Vitamin C for Canine Cancer Patients? Part 2

Updated: December 17th, 2018

Well, it’s been 2 days since the lead-in entry on Vitamin C….which may (or may not) be a long time to wait 🙂  Anyway, here you go:

As I had indicated, it turns out that if one were to take vitamin C, at huge doses by mouth, the blood levels you get are puny. When you, or your dog, takes a pill, some gets absorbed into the body, but some passes out in the waste.

People who took 18 grams of the stuff (which equals gagging down 9-18 of those “horse pill” tablets) per day, only ended up with 220 micromol/L in their blood. That means a huge amount Vitamin C ends up literally going down the toilet.

Those studies showing that cancer cells die when exposed to vitamin C  needed more than 1,000 micromol/L.  Since 220 is much less than 1000, the cancer cells were not dying.

This is probably why the two clinical trials where people had to down 10 grams of vitamin C daily showed no benefit in surviving their cancers.

So the message seems clear…don’t bother with strait oral vitamin C (ascorbic acid) when you are trying to help your dog kill cancer cells.  In my opinion, bases on the evidence, you can’t get the levels you want for cancer cell death.

But there are other ways to get the stuff in the body.  What about injections?? Does that help?

Well, I could not find solid reports on the effects of intravenous vitamin C given to canine cancer patients.  Recall I want good, solid, science-based information…however, I did find some in the human literature.

A paper came out in 2006 that showed 3 human patients with tumors that would have been expected to have led to their demise opted for IV vitamin C at whopping doses.  Read the abstract here.

Get a copy of the Dog Cancer Survival Guide for more helpful information and tools

One had a form of lymphoma (lymphosarcoma), one a kidney tumor, and other was transitional cell cancer of the bladder.  All had signs of either local spread (into the surrounding areas) or distant spread (metastasis). Bad, bad stuff.

The amazing thing is that in each of these three, the tumors went away.  Gone.  Nada. Zippo.  And that, my friends, is pretty astounding.  Granted, the lady with the kidney tumor (a chronic smoker) developed lung cancer 4 years later…but the information is pretty impressive regardless.

Does this mean everyone with a dog should go out and schedule IV vitamin C injections for their dogs? No.
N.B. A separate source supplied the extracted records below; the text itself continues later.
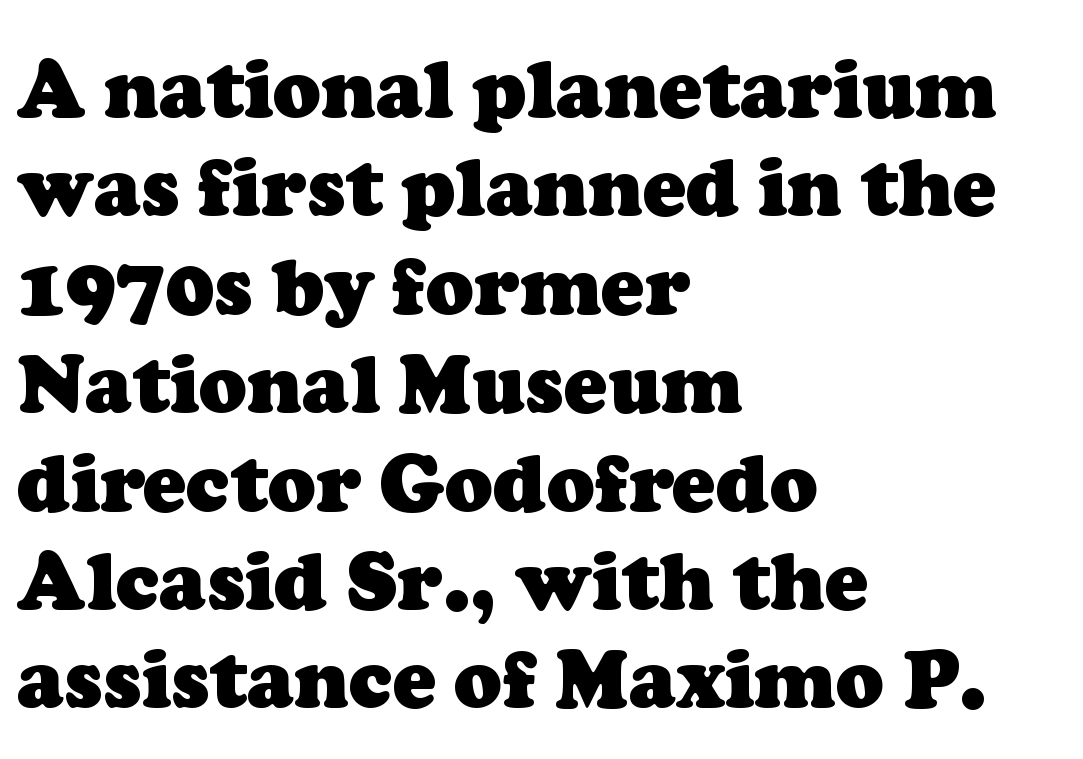
{"serif": "yes", "bold": "yes", "weight": "heavy", "width": "normal", "stroke_contrast": "low", "x_height": "medium", "monospaced": "no", "underline": "no", "align": "left", "line_spacing_ratio": 1.23, "letter_spacing": "normal", "letter_spacing_em": 0.0, "glyph_px": 80}
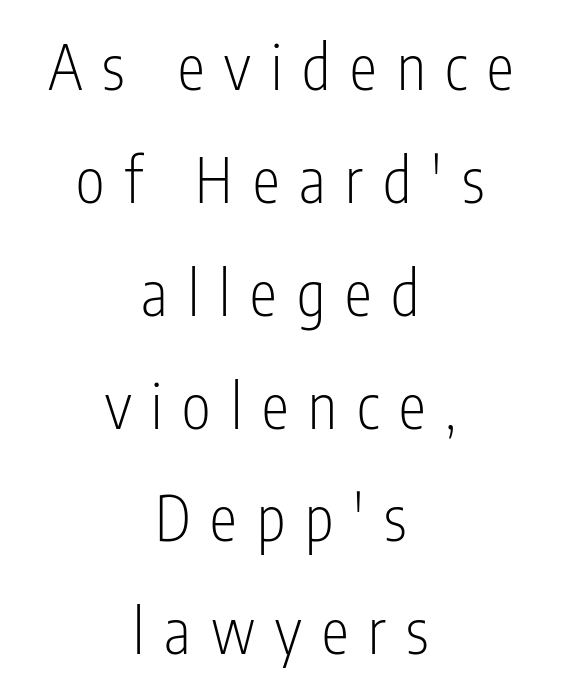
Bare-footed words on every line. Substantial extra tracking has been applied to these lines. Varying glyph widths throughout — classic text-font behaviour. What kind of face is this? One without serifs — a sans.
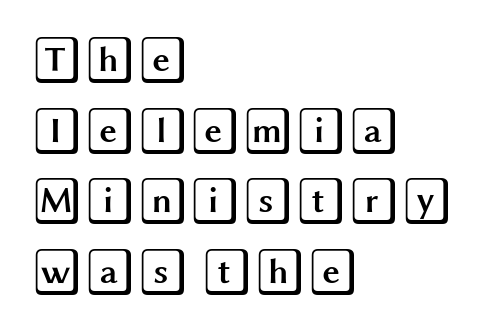
Q: Is the text italic (slanted)? A: No, it is upright.
Q: Is the text underlined? A: No.
Q: How is the paragraph aligned? A: Left-aligned.
Q: Is the spacing between letters normal or unusually wide? A: Normal.
Q: Is the spacing between lines tight, normal or loose? A: Normal.
Q: Width (condensed, normal, or wide)? A: Wide.
Q: x-height? A: Large.
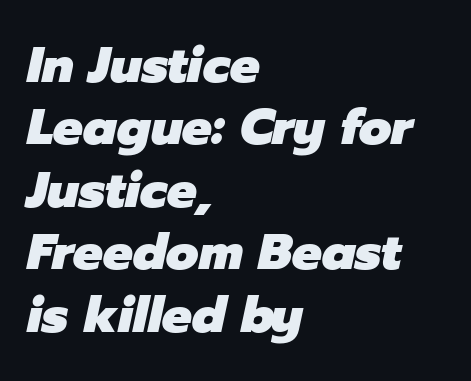
Q: Is the text bold? A: Yes.
Q: Is the text italic (slanted)? A: Yes, it leans right by about 12 degrees.
Q: Is the text underlined? A: No.
Q: How is the paragraph aligned? A: Left-aligned.
Q: Is the spacing between letters normal or unusually wide? A: Normal.
Q: Is the spacing between lines tight, normal or loose? A: Normal.
Q: Width (condensed, normal, or wide)? A: Normal.
Q: Stroke contrast? A: Low.
Q: x-height? A: Medium.
Q: Monospaced? A: No.

Especially not dogs with urinary stones like calcium oxalates, which likely can be worsened or theoretically even caused by the injections.

But, it does mean that in certain circumstances, it should be considered.  Vitamin C IV injections appear fairly safe overall, and people are starting to pay attention to Vitamin C IV injections in cancer therapy…check it out.  For the vets out there, the protocols are here too.
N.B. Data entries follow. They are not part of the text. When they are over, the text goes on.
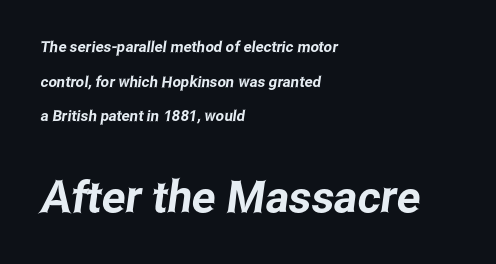
The image shows 44 px condensed sans-serif type; set left-aligned, loose line spacing (2.31x), normal letter spacing, not underlined; the second (bottom) block is 2.93x larger; low stroke contrast and a medium x-height.
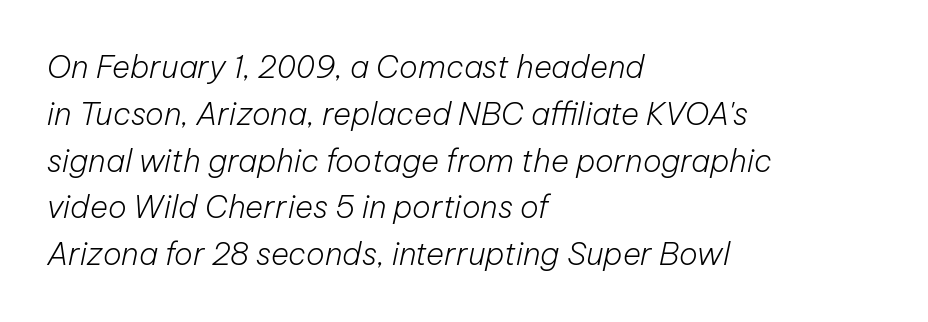
Italic? Definitely — the glyphs are oblique. The weight tops out at a normal text grade. Regular leading. Nobody drew a line under any word here. The passage shown is typed in a proportional face where columns would drift.
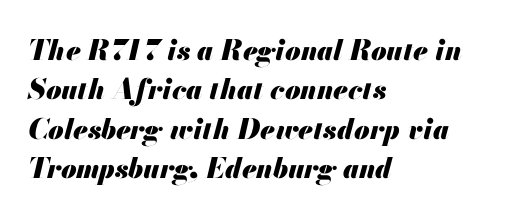
Look at the stroke-to-counter ratio: heavy, a bold. The face used here has a pronounced slope to its letters. Rule under the text: the space is simply empty. Character widths vary here, with narrow letters taking less room than wide ones.
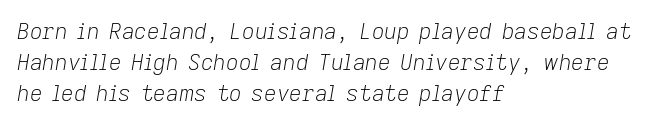
{"italic": "yes", "lean": "right", "slant_degrees": 9, "bold": "no", "underline": "no", "align": "left", "line_spacing": "normal", "line_spacing_ratio": 1.4, "letter_spacing": "normal", "letter_spacing_em": 0.0, "glyph_px": 22}
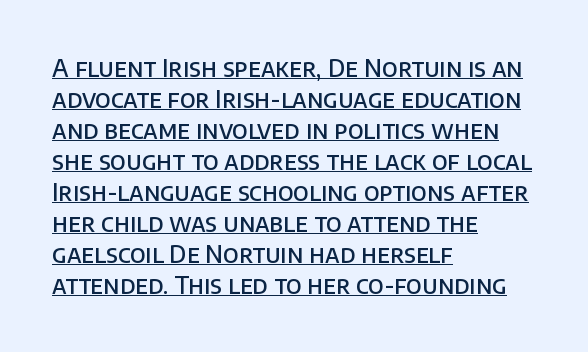
{"italic": "no", "bold": "semi", "underline": "yes", "align": "left", "line_spacing": "normal", "line_spacing_ratio": 1.29, "letter_spacing": "normal", "letter_spacing_em": 0.0, "glyph_px": 24}

Note that it is, at this point, probably unwise to give these doses of IV vitamin C in conjunction with chemotherapy until the issue of whether it helps or hinders chemo is clarified.  I would also avoid IV vit C at these doses if your dog is receiving radiation therapy.

Best to all,

Dr Dressler


Discover the Full Spectrum Approach to Dog Cancer

Leave a Comment

  1. finallywakingup on December 4, 2017 at 4:05 pm

    Where is part 1 of

    Vitamin C for Canine Cancer Patients?

  2. Whit on October 19, 2017 at 10:56 am

    What about liposomal vitamin C

  3. Susan Kazara Harper on June 1, 2015 at 3:53 pm

    Hi Terry,
    That answer really needs to come from your vet. Any IV treatment would be vet-advised and both weight and overall condition can be taken into consideration. If it’s cancer of the spleen, are you talking about hemangisarcoma? If so, you may want to ask your vet about metronomic chemotherapy. It has been shown to have positive effects on that type of cancer, and is very gentle on the dog. Good luck!
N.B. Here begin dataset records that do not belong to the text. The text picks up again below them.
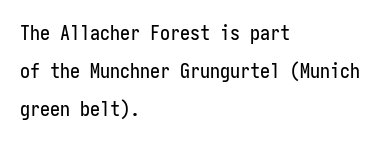
The image shows 20 px text type, upright; set left-aligned, line spacing 1.89x, normal letter spacing, not underlined.
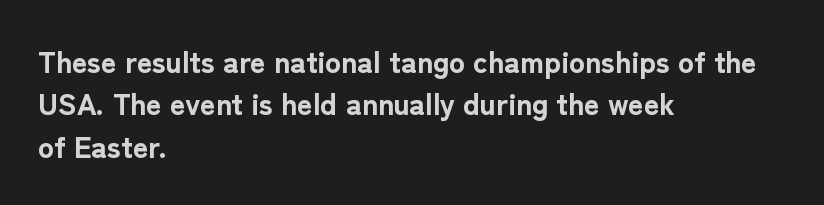
The face used here is a sans, in the tradition of grotesques and geometrics. Style check: upright. In terms of leading, this rendering sits right in the middle. The space directly below the letters is spotless. Looks like regular typesetting: each glyph gets only the width it needs.
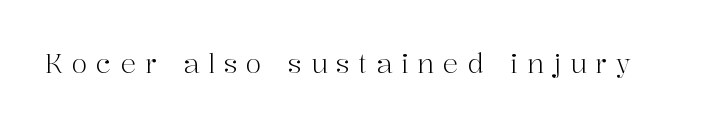
Type without underlining. The strokes carry an ordinary text weight at most. This is roman type, the default non-slanted kind. The letters are spread apart with noticeably loose tracking.
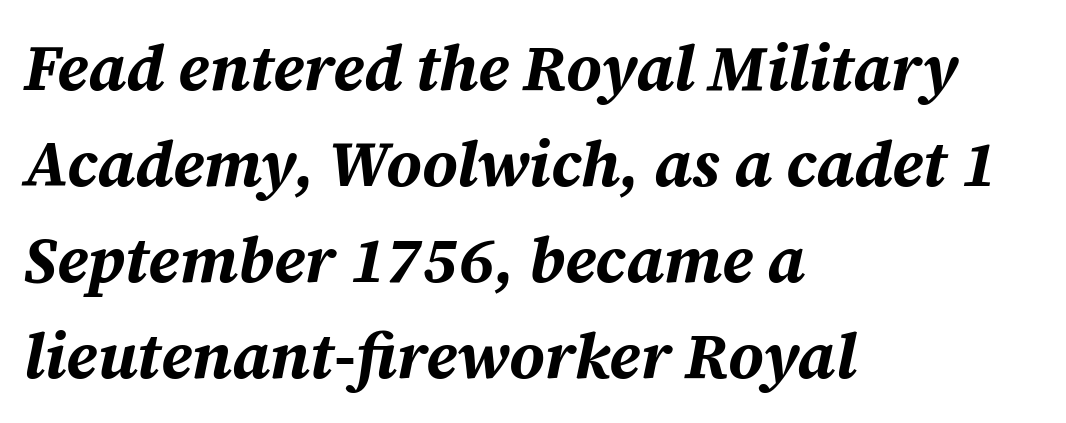
The glyphs look as if they've been sheared to an angle. Each row of text sits above clean, open space. Look at the stroke-to-counter ratio: heavy, a bold. Does extra space separate the letters? No, they use regular spacing.
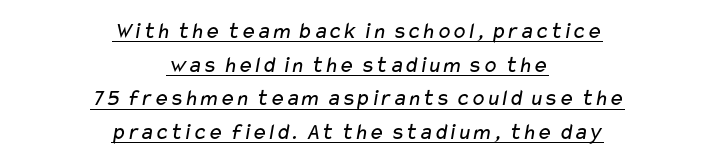
{"bold": "no", "underline": "yes", "align": "center", "line_spacing": "normal", "line_spacing_ratio": 1.46, "letter_spacing": "normal", "letter_spacing_em": 0.0, "glyph_px": 23}
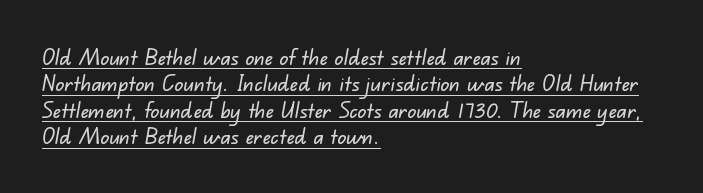
The image shows 22 px text type; set left-aligned, line spacing 1.2x, normal letter spacing, underlined.
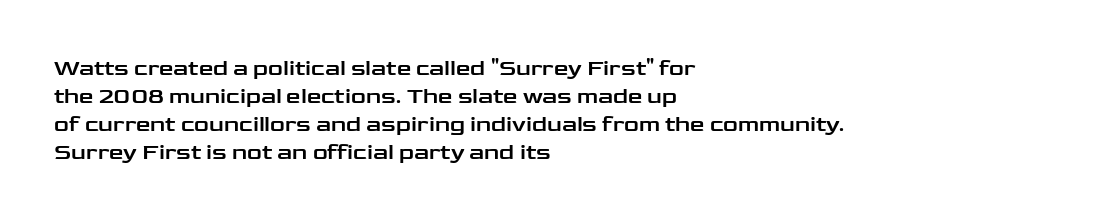
The image shows 23 px text type, upright; set left-aligned, line spacing 1.22x, normal letter spacing, not underlined.
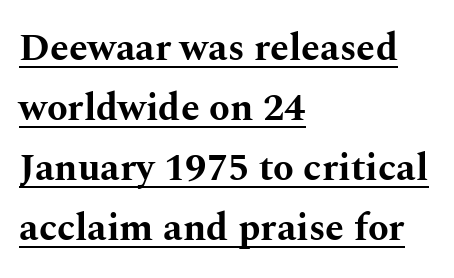
Designer's note — italics off, roman on. Between one letter and the next there's only the usual sliver of space. Does the type have serifs? Yes, each stem ends in a small foot. Students, observe: this is what conventionally led text looks like. Line starts are locked; line ends wander. A typographer would call this underscored text.
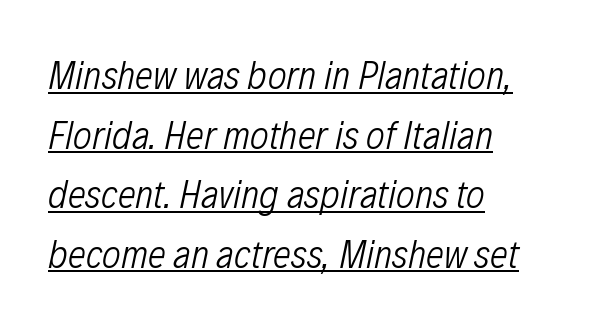
On a weight scale, this lands at 450 or below. These lines are set flush left with a ragged right edge. A typographer would call this underscored text. Tall strokes in this sample are angled rather than plumb. Short note: letters normally spaced.
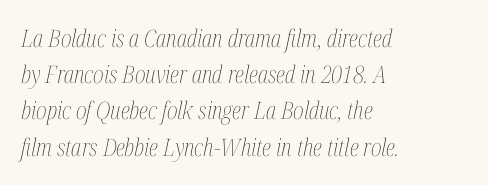
The image shows 24 px text type, italic (leaning right); set left-aligned, normal line spacing (1.51x), normal letter spacing, not underlined.
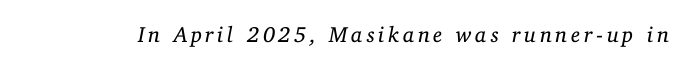
{"italic": "yes", "lean": "right", "slant_degrees": 11, "bold": "no", "underline": "no", "glyph_px": 22}
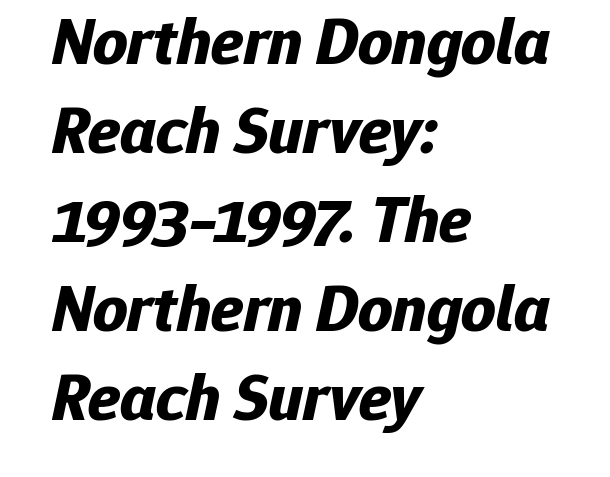
The image shows 67 px bold type, italic (leaning right); set left-aligned, normal line spacing (1.33x), normal letter spacing, not underlined; low stroke contrast and a medium x-height.
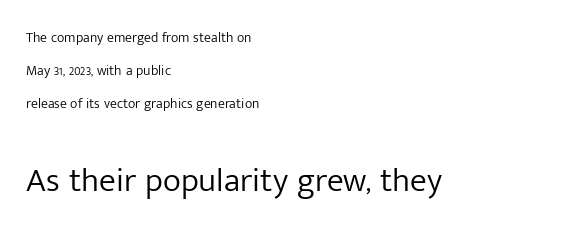
Q: Is the text bold? A: No.
Q: Is the text italic (slanted)? A: No, it is upright.
Q: Is the typeface a serif or a sans-serif typeface? A: Sans-serif.
Q: Is the text underlined? A: No.
Q: How is the paragraph aligned? A: Left-aligned.
Q: Is the spacing between letters normal or unusually wide? A: Normal.
Q: Is the spacing between lines tight, normal or loose? A: Loose.
Q: Which block of text is set in a larger size, the first (top) or the second (bottom)? A: The second (bottom) one.
Q: Width (condensed, normal, or wide)? A: Normal.
Q: Stroke contrast? A: Low.
Q: x-height? A: Medium.
Q: Monospaced? A: No.

  4. Terry Huser on May 13, 2015 at 8:54 pm

    My Keeshond has cancer on her spleen would like to know how much vitamin C IV for a 45 lb dog would be?

  5. Maria on November 27, 2012 at 11:31 am

    Dr. D.,
    I have an 85# yellow lab, Solomon, just dx in Oct.2012 with stage IV Hemangiosarcoma: the tumor on his spleen ruptured, resulting in an emergency spleenectomy. It was 50/50 but he made it home that very day. About a week later, we placed him on Neoplasene (plant alkaloids) and his PCV is 42%; TP 7.3 a/o 10.29.12 – still in the norm. I am concerned because his fatty tumors are growing – not aspirated because I did not want the possibility of this spreading as well. He is on a white rice/cooked organic meats/vegetable diet while on the Neoplasene. I would like to place him on IV Vitamin C as soon as possible. Is this ok to do IV Vitamin C while on Neoplasene at the same time? Or would you do the IV Vitamin C for a few weeks, stopping or reducing the Neoplasene? Or do you know if there is a “protocol” that is successful in the use of both of these cancer fighters? Either way, will you please let me know the dose recommendations for IV Vitamin C? (I plan to add the Turkey Tail Mushroom to his diet as well because of its success against Hemangiosarcoma.) Thank-you for your help!

  6. Tony on November 16, 2012 at 9:00 pm

    I once had a vet that cured my shepherd of Heartworms using homeopathic remedies.
    The key was high dose IV injection of vitamin C in combination with Black walnut hull / wormwood / mugwart combination as best I recall. Using this method it wasn’t long and Max tested negative.

    I need to know what is a safe high dosage injection for a 135 pound dog?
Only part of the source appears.